Copy the entries word for word. Keep the pictures out.

[Items from a dataset]
BEGIN

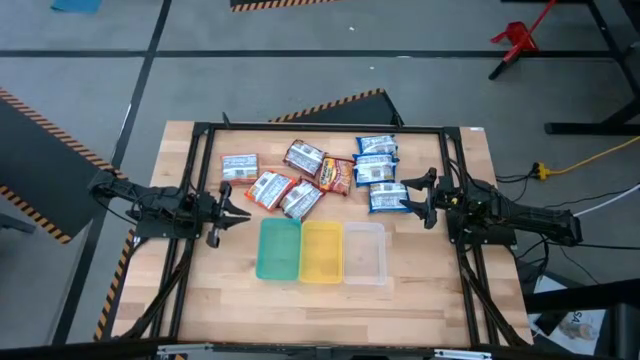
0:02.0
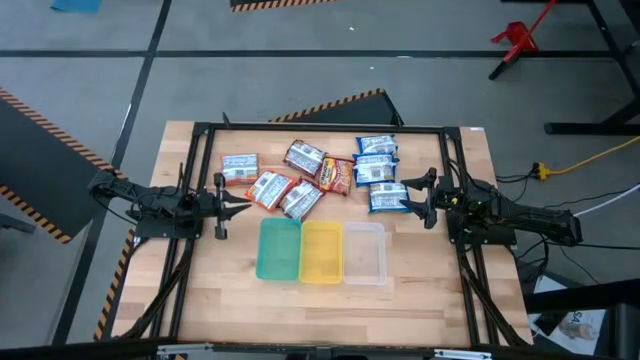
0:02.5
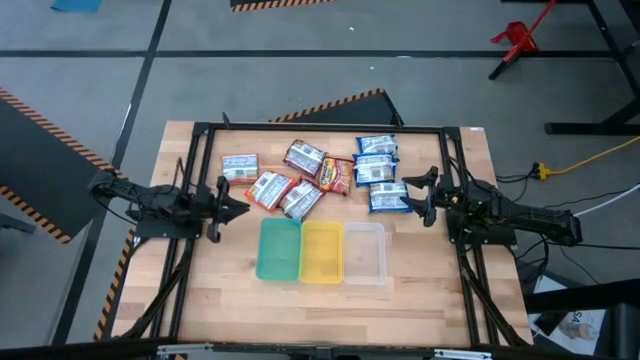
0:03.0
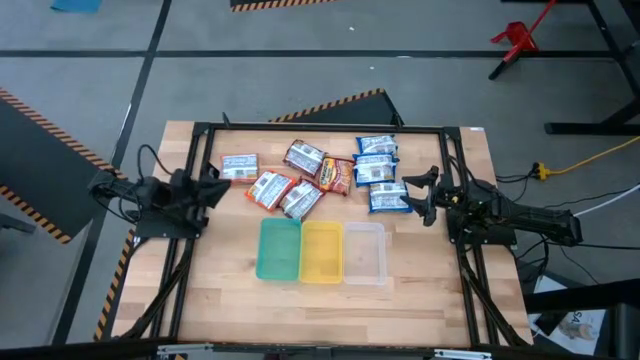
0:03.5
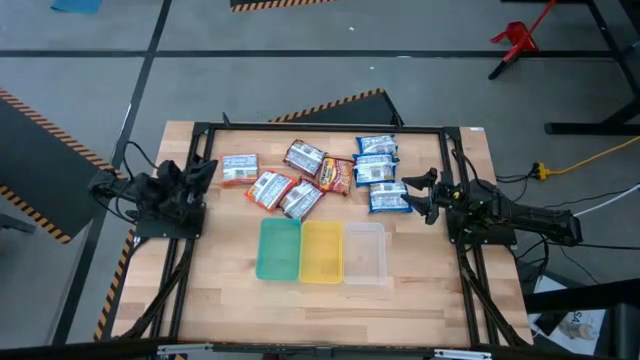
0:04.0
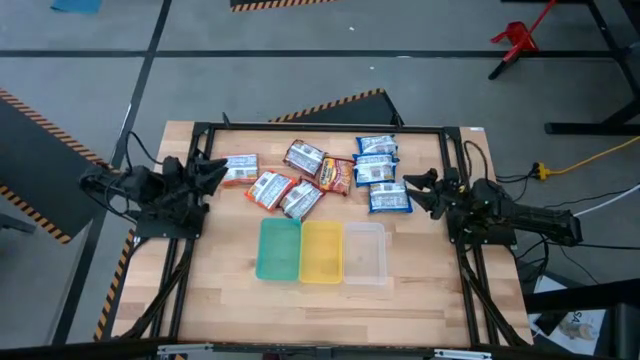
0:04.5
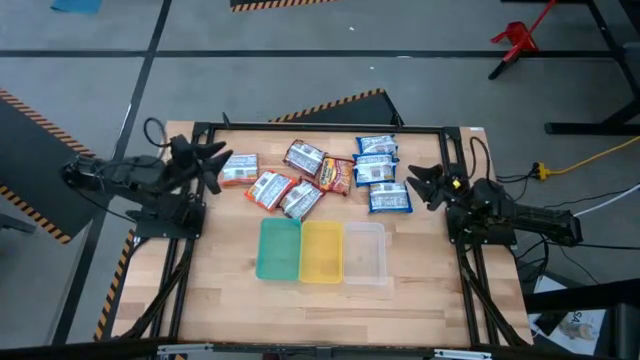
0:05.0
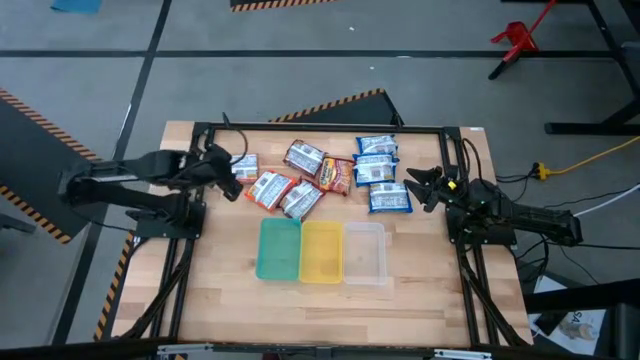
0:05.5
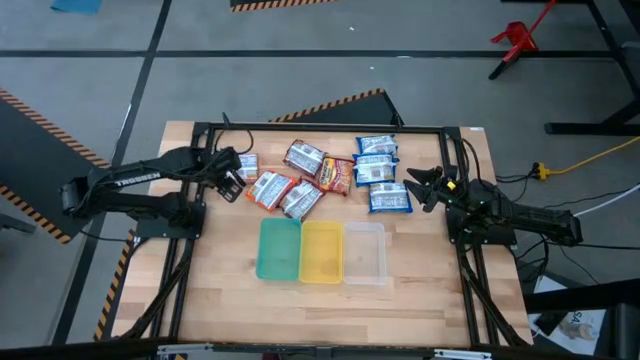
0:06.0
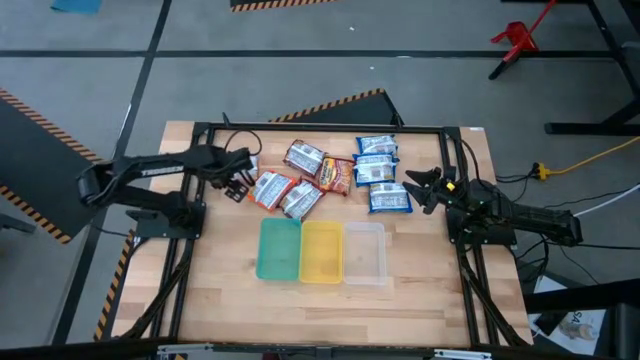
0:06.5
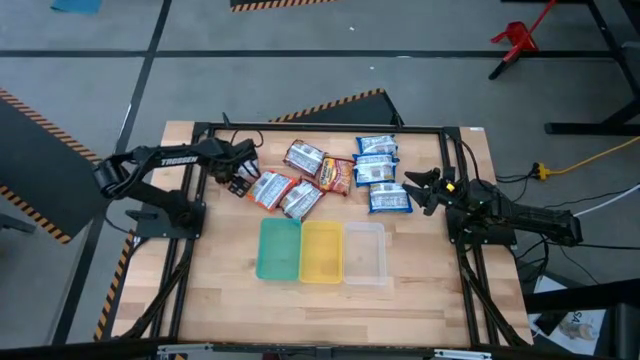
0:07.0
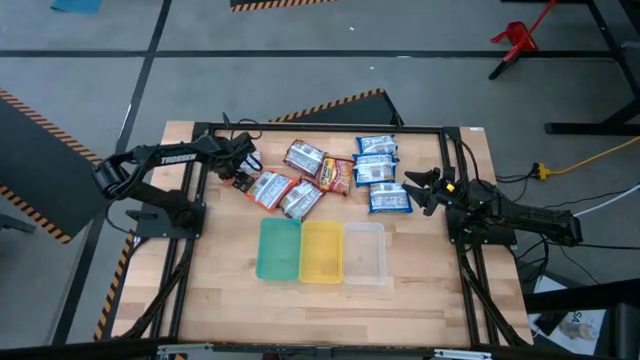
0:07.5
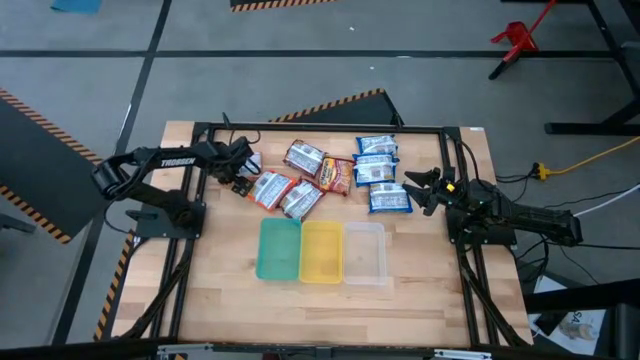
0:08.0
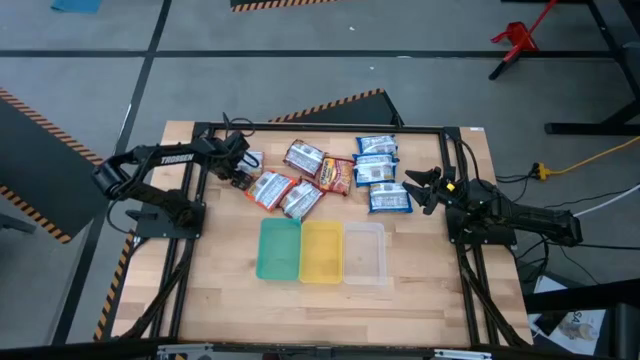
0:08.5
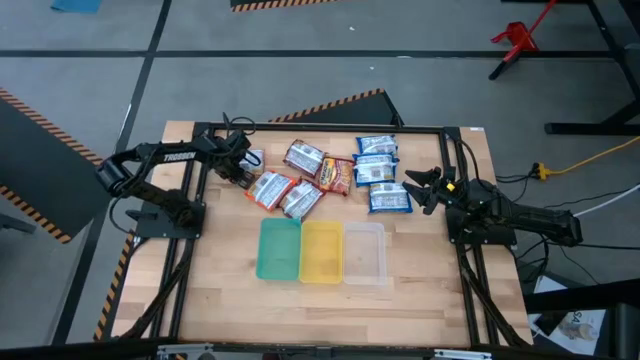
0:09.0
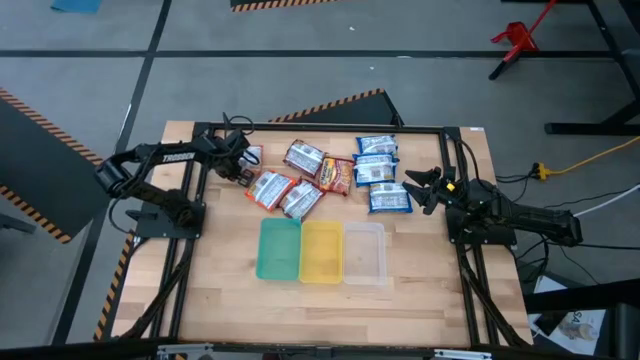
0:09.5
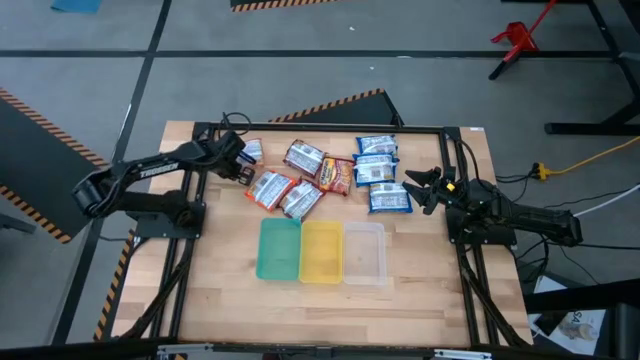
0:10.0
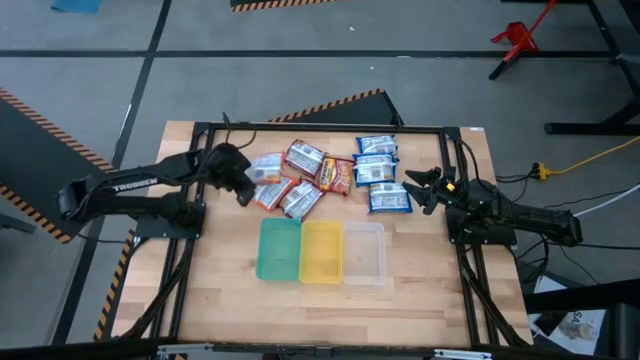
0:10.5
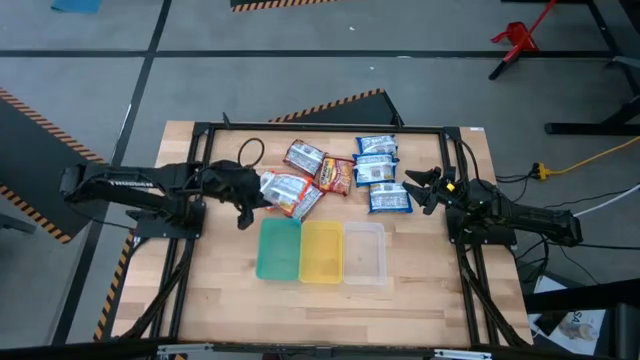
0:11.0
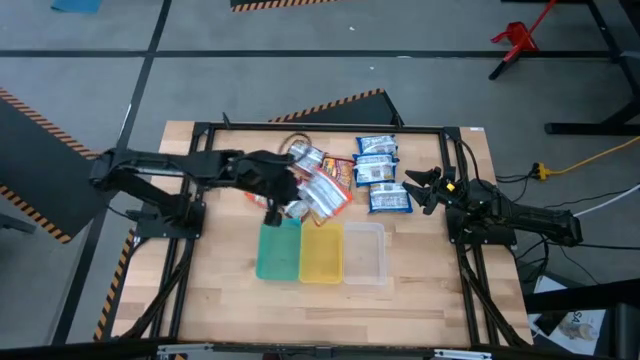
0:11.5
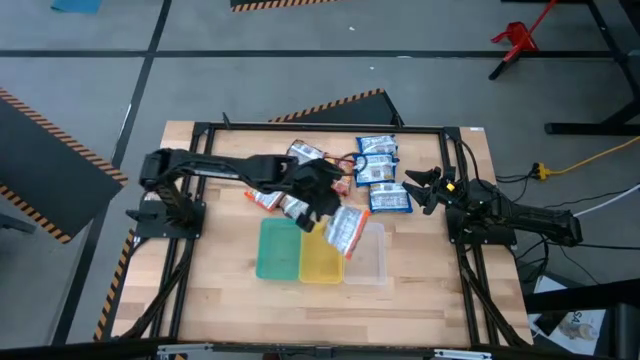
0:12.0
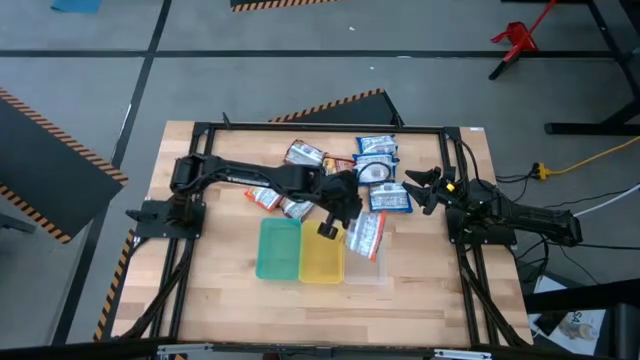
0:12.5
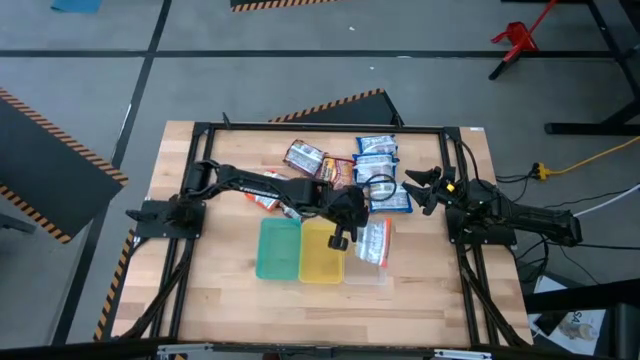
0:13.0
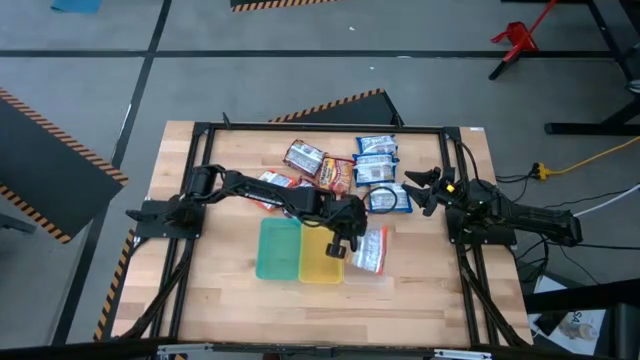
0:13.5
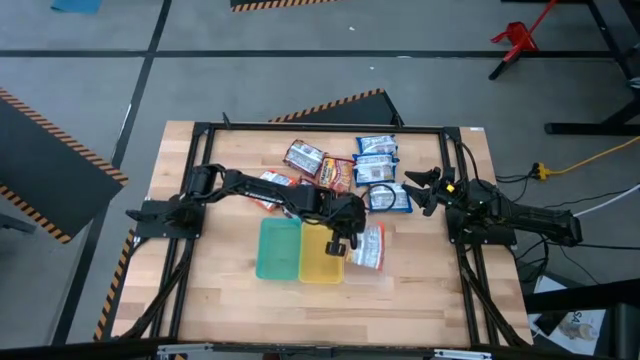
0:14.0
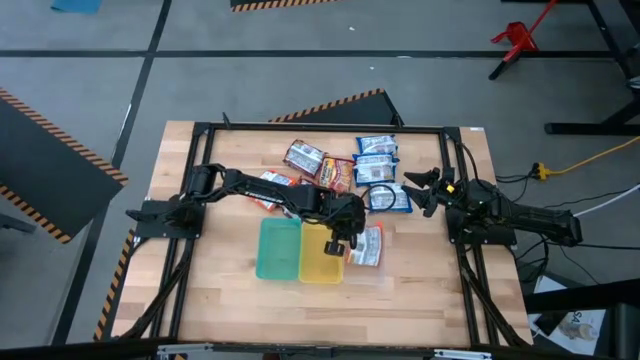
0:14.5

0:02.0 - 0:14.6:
Task: Sort Maruchan noodles
Put the left orange noodle pack into the transparent bin

END

Problem solution:
0:02.0
0:02.5
0:03.0
0:03.5
0:04.0
0:04.5
0:05.0
0:05.5
0:06.0
0:06.5
0:07.0
0:07.5
0:08.0
0:08.5
0:09.0
0:09.5
0:10.0
0:10.5
0:11.0
0:11.5
0:12.0
0:12.5
0:13.0
0:13.5
0:14.0
0:14.5

0:02.0 - 0:14.6:
Task: Sort Maruchan noodles
Put the left orange noodle pack into the transparent bin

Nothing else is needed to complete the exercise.